YOUR GOAL >> Using the listing below, please count the lines that contain the string "jumper". Only the number is wanted.
---
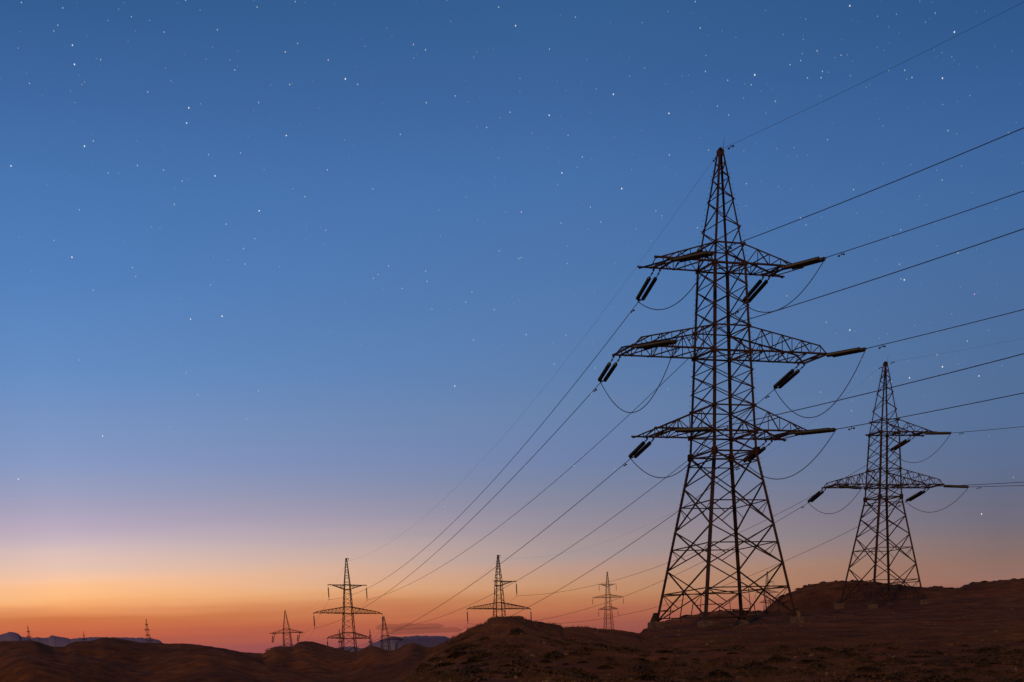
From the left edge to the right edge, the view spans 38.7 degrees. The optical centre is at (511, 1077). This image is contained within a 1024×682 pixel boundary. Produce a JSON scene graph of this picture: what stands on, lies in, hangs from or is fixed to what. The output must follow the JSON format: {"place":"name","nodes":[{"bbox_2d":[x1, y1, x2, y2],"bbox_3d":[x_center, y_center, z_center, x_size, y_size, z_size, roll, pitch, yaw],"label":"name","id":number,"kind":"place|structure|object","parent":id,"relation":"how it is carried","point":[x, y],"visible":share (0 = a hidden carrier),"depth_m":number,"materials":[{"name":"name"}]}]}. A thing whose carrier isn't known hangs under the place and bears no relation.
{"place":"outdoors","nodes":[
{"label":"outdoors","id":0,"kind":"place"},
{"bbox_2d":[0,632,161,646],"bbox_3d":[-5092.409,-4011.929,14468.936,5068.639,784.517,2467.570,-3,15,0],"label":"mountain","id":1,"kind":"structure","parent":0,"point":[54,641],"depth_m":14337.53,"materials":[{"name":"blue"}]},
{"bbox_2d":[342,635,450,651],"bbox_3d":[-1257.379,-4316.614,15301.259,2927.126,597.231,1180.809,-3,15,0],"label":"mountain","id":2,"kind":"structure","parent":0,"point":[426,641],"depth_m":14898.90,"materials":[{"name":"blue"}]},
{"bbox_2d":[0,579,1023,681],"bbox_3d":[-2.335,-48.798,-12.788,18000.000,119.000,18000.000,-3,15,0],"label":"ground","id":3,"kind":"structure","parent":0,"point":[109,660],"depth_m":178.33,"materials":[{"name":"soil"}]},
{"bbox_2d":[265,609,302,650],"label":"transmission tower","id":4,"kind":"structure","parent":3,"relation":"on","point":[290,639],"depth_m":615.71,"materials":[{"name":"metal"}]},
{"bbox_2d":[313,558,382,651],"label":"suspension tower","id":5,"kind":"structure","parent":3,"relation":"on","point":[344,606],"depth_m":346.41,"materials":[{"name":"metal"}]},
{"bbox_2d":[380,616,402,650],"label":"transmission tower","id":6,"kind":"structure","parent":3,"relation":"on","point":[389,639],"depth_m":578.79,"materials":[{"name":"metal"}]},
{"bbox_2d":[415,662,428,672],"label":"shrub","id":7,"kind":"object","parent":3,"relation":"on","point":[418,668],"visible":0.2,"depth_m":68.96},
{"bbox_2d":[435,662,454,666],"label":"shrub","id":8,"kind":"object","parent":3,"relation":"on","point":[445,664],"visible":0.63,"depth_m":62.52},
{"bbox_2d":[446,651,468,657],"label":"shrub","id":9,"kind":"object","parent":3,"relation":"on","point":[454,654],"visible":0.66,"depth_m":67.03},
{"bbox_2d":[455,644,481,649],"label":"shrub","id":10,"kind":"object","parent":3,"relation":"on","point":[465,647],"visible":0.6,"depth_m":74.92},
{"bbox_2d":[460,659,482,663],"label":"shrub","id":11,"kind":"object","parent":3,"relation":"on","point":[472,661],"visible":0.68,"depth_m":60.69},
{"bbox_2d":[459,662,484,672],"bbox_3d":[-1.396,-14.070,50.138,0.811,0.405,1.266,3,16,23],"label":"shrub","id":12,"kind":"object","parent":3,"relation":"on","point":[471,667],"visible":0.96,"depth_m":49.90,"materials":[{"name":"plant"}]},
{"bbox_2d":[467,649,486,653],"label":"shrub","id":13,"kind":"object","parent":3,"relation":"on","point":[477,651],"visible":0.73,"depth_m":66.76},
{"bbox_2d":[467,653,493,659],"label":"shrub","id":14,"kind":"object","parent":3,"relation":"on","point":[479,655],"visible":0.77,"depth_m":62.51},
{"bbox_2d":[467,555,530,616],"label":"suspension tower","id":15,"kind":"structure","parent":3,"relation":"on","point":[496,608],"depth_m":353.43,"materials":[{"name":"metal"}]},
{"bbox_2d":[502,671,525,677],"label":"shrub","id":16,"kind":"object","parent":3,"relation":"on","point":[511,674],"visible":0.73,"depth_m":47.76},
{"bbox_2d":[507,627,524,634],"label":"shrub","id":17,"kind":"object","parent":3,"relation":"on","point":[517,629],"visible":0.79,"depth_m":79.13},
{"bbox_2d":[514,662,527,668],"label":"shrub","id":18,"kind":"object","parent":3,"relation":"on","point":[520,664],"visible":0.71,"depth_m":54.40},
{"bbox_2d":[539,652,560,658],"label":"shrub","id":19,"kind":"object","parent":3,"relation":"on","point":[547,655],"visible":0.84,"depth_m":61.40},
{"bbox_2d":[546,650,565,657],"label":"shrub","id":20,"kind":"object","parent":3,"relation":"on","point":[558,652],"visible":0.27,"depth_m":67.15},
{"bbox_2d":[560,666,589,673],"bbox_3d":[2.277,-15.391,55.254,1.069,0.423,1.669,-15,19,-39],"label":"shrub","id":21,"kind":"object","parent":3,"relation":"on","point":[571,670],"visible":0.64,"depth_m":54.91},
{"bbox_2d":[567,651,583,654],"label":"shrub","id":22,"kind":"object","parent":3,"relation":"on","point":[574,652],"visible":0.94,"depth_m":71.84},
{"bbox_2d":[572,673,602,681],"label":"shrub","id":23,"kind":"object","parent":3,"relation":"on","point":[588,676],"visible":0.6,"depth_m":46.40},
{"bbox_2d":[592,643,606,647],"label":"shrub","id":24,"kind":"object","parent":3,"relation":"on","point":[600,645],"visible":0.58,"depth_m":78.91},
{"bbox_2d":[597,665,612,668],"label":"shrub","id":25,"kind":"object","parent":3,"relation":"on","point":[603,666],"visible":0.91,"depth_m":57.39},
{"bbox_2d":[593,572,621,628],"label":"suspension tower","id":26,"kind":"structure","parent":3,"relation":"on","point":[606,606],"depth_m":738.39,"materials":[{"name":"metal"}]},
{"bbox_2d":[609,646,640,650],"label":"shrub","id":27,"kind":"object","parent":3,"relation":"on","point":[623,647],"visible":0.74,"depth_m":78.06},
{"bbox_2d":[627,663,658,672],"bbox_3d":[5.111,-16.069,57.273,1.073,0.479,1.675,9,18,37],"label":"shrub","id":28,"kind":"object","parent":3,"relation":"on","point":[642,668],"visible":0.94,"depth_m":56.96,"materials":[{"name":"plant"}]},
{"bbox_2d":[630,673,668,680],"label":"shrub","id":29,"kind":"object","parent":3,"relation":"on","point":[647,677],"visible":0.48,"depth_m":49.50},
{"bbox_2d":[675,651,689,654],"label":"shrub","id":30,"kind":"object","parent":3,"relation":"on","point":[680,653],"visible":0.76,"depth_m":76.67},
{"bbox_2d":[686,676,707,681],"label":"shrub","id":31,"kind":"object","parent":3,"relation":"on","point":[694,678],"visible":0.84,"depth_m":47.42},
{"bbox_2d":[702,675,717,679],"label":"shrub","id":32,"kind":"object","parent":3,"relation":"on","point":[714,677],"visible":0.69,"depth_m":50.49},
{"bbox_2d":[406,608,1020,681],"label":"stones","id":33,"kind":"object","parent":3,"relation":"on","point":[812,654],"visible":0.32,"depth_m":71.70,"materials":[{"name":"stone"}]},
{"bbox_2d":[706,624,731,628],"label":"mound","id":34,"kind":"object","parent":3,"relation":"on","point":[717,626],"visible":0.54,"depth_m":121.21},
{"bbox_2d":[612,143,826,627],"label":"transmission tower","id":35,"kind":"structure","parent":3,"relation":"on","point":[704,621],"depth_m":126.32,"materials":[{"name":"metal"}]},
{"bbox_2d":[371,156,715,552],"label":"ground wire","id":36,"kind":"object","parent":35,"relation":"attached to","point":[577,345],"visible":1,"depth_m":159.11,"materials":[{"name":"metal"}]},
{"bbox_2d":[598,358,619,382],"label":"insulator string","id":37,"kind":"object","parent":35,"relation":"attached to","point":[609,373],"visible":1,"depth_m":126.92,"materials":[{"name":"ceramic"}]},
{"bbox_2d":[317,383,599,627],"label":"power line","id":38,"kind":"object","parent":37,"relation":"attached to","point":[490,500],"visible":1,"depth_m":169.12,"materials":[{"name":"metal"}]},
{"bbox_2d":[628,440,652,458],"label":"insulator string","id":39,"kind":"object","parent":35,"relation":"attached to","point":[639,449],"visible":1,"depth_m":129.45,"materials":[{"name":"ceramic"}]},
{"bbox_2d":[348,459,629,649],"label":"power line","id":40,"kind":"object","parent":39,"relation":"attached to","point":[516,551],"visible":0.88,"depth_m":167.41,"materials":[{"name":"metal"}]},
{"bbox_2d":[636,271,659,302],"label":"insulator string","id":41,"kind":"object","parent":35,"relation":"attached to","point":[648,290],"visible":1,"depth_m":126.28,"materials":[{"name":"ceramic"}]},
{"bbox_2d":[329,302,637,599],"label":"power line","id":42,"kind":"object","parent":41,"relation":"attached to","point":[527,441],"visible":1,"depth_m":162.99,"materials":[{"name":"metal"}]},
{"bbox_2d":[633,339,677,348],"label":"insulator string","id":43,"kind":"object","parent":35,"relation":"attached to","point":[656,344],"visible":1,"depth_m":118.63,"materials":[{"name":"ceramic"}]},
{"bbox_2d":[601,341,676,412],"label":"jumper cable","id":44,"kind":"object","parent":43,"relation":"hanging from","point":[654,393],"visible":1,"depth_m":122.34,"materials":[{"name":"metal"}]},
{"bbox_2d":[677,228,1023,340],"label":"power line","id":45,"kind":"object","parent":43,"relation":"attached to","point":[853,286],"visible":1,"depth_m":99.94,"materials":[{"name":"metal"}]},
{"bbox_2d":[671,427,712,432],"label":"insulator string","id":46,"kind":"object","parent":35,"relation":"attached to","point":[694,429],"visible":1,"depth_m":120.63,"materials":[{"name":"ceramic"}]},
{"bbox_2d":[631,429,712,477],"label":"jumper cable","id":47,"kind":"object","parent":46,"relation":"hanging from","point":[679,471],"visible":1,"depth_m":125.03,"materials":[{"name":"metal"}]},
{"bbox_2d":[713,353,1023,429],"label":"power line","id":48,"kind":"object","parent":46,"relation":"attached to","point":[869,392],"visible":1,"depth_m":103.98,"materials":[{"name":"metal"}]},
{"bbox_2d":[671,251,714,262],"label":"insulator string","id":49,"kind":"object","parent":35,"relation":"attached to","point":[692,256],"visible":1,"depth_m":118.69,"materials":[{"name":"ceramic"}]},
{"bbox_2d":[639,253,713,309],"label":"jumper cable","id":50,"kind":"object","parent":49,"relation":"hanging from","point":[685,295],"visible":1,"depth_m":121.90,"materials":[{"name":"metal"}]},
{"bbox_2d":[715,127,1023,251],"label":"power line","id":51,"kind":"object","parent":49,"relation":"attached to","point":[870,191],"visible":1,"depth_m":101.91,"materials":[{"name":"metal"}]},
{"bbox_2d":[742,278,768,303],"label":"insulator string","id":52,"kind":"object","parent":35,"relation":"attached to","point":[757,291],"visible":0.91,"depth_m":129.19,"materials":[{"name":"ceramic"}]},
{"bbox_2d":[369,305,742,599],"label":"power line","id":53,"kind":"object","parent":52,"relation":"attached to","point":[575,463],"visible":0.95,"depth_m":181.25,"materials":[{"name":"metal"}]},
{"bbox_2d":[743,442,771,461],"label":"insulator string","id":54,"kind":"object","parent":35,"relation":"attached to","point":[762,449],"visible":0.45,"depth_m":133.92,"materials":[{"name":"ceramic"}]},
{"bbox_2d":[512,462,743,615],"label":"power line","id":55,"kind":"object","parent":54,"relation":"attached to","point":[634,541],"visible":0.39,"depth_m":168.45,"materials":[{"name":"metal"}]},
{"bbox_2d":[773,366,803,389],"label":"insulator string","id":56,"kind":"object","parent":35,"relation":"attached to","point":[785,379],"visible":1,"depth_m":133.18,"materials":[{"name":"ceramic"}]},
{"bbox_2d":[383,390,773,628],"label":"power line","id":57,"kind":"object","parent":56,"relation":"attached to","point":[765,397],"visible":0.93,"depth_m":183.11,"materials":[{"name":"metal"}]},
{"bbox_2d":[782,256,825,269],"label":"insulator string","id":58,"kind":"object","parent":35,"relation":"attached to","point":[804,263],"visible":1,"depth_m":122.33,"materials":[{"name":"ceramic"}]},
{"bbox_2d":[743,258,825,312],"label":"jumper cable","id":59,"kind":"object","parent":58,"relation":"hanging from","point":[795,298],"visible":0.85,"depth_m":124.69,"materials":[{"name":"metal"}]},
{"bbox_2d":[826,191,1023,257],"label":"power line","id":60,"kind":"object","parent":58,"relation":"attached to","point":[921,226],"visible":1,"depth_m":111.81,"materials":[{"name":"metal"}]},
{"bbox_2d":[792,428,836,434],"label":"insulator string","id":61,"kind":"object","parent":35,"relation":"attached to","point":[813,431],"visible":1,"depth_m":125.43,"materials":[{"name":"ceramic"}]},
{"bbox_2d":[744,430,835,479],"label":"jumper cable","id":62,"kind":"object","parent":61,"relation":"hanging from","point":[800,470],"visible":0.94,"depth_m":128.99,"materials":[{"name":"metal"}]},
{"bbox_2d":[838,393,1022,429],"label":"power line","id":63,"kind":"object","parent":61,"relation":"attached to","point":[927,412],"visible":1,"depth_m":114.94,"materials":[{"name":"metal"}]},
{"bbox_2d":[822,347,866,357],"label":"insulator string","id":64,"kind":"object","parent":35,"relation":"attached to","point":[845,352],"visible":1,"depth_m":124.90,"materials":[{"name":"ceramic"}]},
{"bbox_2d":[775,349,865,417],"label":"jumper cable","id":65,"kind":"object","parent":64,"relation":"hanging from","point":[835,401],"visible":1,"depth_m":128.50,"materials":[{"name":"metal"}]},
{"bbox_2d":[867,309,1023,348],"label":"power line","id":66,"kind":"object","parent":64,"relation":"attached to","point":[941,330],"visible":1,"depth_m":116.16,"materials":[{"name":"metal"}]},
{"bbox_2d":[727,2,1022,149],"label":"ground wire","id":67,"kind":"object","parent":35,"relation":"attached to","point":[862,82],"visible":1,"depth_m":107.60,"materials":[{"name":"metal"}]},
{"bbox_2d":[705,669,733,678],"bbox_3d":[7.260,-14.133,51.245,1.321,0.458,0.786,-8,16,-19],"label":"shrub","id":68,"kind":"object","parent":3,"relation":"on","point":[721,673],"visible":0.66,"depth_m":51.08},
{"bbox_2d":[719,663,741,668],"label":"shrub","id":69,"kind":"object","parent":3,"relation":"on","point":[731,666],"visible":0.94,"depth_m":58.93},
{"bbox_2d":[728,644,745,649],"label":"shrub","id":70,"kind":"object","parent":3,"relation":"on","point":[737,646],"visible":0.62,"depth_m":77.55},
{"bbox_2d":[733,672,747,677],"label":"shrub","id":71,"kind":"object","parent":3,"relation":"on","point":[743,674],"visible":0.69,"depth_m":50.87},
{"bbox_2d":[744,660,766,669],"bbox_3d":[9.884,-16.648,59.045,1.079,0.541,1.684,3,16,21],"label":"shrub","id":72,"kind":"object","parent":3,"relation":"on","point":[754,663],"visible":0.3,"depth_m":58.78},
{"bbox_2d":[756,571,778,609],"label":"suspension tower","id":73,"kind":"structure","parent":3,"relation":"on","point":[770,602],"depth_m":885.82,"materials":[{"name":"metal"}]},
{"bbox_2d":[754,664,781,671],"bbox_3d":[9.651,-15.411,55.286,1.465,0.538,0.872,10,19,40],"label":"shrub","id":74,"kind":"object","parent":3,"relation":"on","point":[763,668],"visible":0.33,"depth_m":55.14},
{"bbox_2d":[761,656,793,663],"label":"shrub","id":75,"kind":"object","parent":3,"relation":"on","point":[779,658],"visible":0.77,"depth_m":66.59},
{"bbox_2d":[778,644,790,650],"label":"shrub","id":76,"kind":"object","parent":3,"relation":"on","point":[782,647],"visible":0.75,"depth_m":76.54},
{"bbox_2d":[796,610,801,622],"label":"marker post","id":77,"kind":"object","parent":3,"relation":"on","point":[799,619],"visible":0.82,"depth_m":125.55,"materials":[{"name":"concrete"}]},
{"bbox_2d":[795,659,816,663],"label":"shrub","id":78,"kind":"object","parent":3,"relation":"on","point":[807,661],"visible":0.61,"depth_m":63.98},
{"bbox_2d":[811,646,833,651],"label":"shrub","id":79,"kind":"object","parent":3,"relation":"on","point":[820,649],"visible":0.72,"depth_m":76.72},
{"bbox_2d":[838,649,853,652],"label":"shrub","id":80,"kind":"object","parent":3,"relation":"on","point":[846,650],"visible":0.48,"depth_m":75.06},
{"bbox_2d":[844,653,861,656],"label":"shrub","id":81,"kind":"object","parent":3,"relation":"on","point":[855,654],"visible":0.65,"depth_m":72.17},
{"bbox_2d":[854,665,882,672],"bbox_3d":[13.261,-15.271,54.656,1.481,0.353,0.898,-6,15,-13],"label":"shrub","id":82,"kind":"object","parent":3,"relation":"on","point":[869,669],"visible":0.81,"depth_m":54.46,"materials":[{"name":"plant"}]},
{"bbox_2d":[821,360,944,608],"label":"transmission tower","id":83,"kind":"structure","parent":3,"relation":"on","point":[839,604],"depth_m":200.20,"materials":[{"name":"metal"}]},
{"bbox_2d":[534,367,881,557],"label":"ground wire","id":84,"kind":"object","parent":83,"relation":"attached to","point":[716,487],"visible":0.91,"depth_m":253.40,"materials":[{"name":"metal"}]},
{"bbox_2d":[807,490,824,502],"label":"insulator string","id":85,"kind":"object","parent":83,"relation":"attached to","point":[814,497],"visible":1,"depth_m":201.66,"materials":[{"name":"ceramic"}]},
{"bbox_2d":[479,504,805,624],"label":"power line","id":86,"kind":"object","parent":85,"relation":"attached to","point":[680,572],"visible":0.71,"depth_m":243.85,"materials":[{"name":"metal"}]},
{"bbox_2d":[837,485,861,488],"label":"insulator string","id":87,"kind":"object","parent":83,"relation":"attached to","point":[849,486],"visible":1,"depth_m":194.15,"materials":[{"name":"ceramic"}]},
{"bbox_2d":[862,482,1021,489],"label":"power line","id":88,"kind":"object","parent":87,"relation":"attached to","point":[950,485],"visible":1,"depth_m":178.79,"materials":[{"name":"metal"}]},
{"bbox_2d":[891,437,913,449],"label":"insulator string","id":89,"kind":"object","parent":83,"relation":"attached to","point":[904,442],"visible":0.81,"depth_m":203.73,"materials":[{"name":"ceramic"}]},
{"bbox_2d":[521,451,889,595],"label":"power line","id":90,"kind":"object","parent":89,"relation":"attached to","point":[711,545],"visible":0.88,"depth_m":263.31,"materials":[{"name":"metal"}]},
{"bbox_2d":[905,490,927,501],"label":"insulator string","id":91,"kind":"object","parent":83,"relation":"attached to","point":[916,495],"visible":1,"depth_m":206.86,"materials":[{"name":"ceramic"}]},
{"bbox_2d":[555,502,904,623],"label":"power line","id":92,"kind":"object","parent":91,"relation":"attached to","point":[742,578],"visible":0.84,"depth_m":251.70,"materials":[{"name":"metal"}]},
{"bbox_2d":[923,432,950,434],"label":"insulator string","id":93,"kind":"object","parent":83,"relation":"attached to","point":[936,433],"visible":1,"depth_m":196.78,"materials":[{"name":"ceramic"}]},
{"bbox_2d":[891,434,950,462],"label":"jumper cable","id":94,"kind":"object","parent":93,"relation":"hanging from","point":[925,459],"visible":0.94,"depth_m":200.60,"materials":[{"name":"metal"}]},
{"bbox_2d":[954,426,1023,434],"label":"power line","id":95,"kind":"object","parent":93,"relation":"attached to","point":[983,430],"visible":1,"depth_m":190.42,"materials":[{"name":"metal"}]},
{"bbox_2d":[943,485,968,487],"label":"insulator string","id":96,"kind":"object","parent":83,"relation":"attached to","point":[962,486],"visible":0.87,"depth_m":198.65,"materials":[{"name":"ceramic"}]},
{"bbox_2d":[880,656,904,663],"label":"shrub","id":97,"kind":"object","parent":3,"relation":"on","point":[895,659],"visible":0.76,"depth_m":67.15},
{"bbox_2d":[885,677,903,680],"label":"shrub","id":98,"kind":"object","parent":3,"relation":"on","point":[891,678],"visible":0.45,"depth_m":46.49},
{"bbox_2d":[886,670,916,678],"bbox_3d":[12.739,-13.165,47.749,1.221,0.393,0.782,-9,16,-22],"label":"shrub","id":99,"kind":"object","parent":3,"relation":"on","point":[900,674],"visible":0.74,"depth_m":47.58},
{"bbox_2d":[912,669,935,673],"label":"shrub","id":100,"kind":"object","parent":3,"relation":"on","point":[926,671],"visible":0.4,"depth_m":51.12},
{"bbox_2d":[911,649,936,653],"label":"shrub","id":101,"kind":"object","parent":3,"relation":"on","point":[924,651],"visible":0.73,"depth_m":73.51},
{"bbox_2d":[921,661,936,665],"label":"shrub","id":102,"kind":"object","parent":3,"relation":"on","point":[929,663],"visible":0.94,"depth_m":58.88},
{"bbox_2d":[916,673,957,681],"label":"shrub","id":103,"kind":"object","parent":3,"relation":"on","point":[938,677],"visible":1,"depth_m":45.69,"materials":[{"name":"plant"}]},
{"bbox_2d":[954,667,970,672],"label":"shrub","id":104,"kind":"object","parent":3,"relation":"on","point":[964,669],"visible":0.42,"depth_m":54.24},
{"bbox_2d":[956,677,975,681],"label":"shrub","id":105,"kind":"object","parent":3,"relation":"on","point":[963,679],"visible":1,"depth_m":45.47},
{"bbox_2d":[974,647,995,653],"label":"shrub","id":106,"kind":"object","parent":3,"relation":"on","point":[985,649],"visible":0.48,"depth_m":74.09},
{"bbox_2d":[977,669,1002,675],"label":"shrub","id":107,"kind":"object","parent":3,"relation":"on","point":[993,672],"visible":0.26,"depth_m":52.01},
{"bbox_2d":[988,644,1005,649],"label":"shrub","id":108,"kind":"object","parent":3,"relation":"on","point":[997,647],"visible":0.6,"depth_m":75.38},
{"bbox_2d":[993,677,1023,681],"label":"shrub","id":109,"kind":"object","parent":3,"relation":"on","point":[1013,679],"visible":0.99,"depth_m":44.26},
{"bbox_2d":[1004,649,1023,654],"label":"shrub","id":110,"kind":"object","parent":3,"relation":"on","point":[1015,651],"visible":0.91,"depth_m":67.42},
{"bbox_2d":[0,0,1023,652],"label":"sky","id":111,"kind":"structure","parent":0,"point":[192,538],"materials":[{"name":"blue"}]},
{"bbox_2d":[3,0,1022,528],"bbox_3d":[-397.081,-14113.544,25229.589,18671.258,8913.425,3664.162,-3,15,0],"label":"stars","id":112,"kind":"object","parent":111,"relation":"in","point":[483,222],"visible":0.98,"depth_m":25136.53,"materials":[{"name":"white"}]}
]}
---
ANSWER TO THIS EXERCISE >> 7